Working data
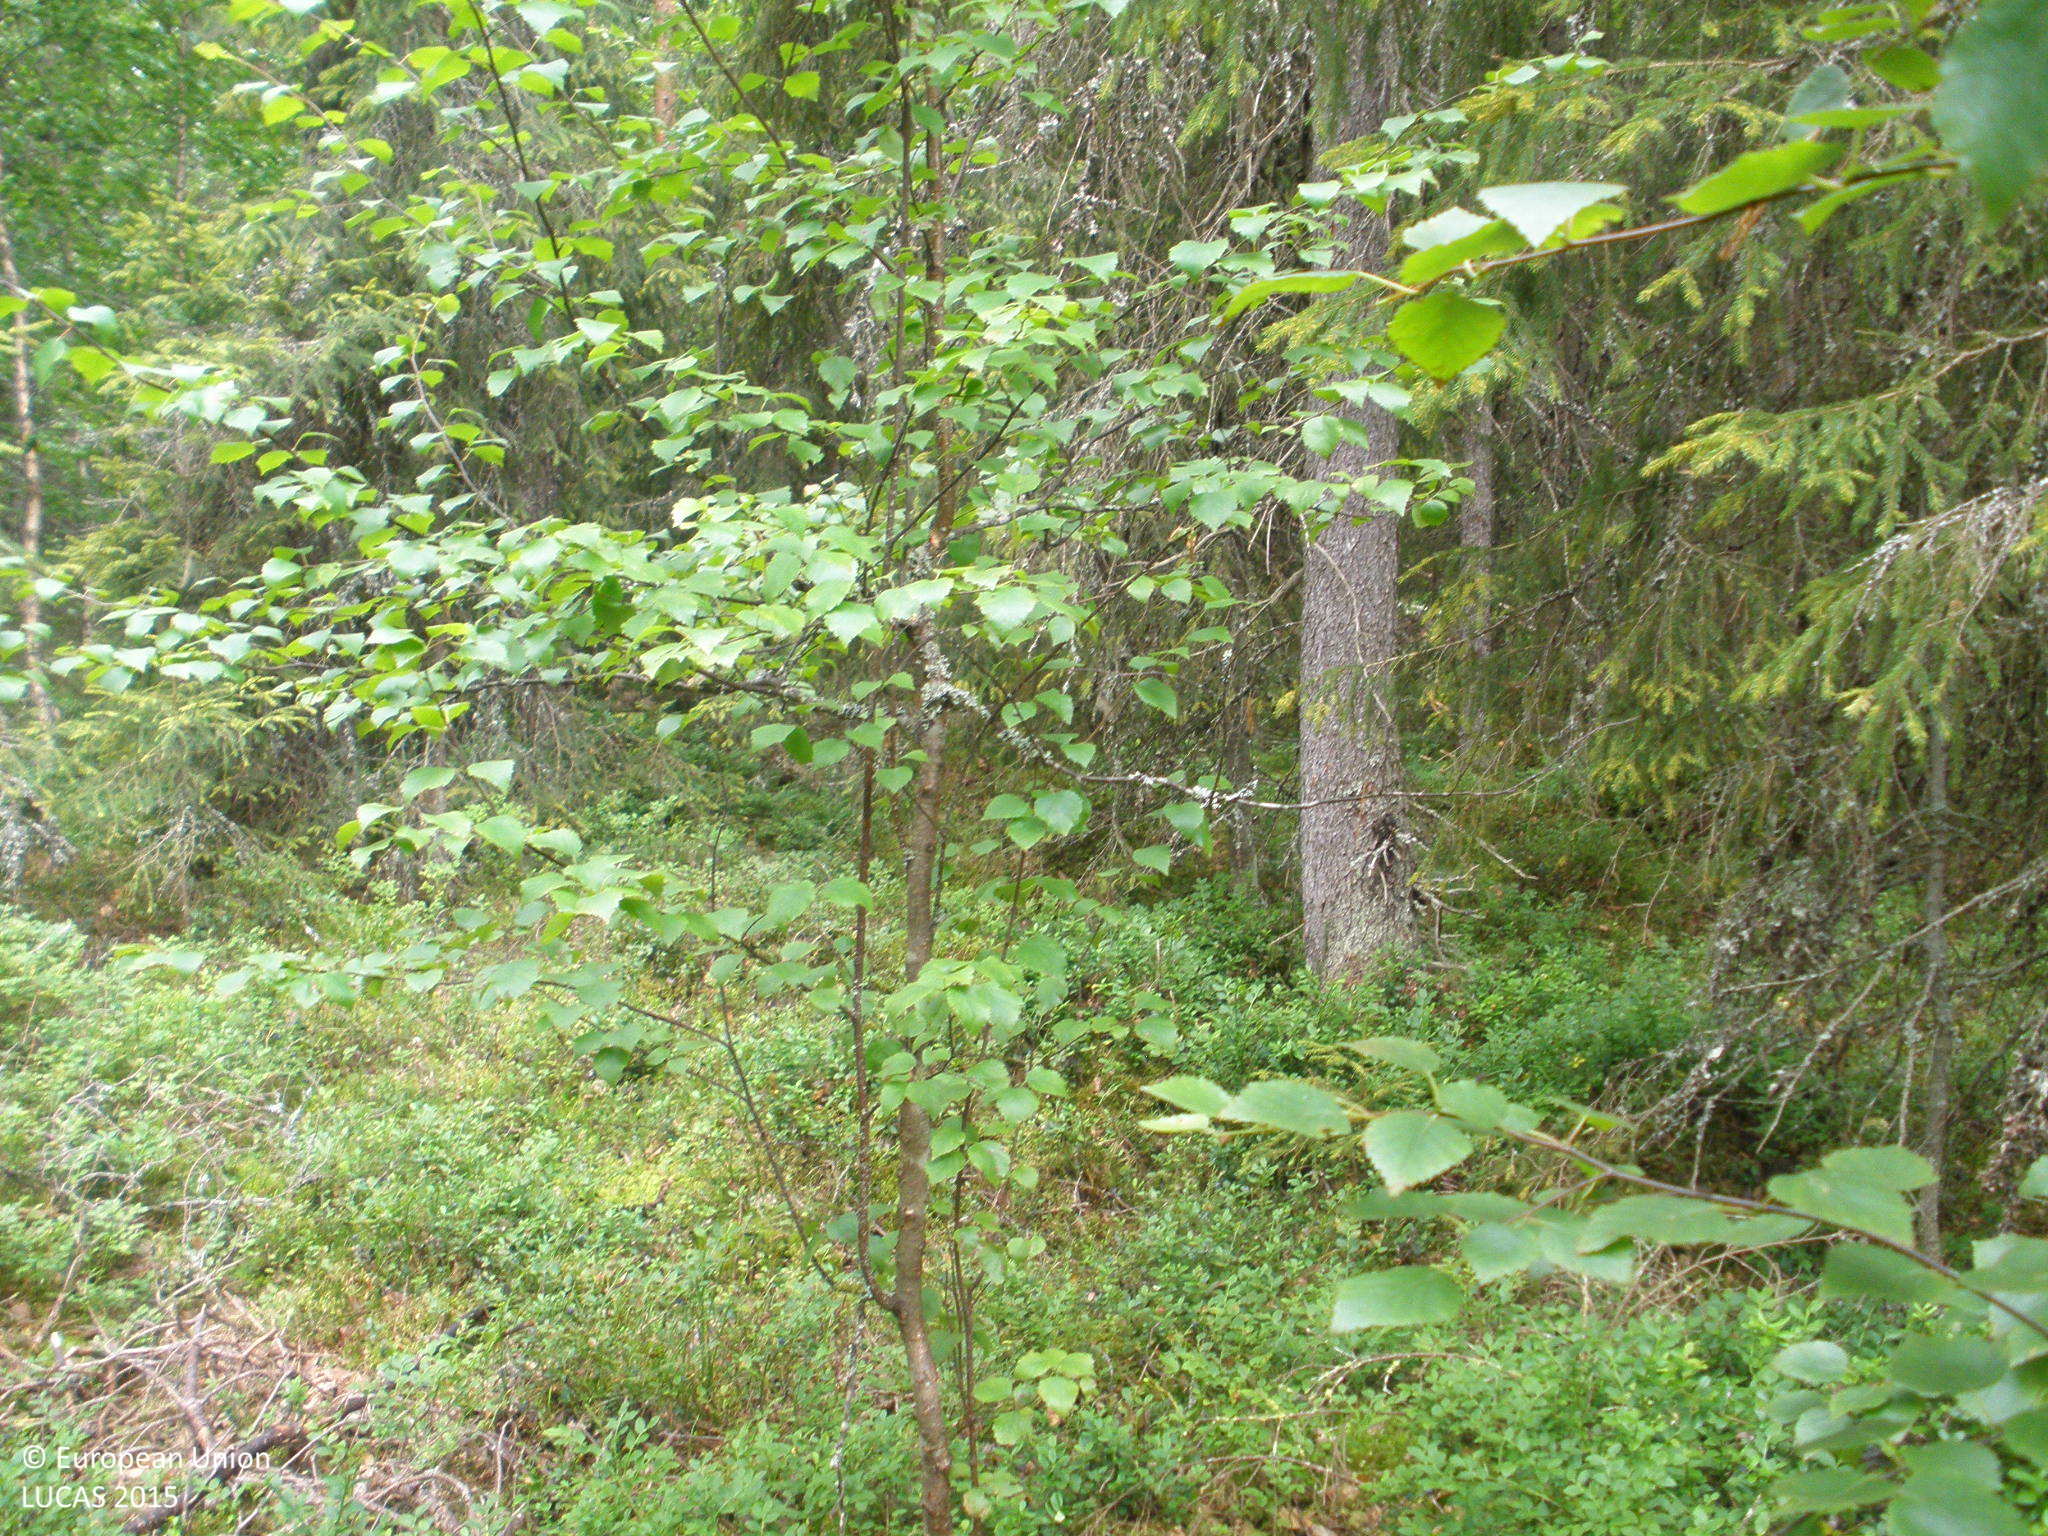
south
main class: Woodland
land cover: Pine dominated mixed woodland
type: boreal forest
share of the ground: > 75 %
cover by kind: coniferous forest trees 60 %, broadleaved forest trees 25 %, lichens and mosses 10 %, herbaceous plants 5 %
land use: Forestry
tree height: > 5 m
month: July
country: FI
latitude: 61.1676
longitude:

What the task requires
Copy the listing exactly but drop its images.

Solution for this exercise
south
main class: Woodland
land cover: Pine dominated mixed woodland
type: boreal forest
share of the ground: > 75 %
cover by kind: coniferous forest trees 60 %, broadleaved forest trees 25 %, lichens and mosses 10 %, herbaceous plants 5 %
land use: Forestry
tree height: > 5 m
month: July
country: FI
latitude: 61.1676
longitude:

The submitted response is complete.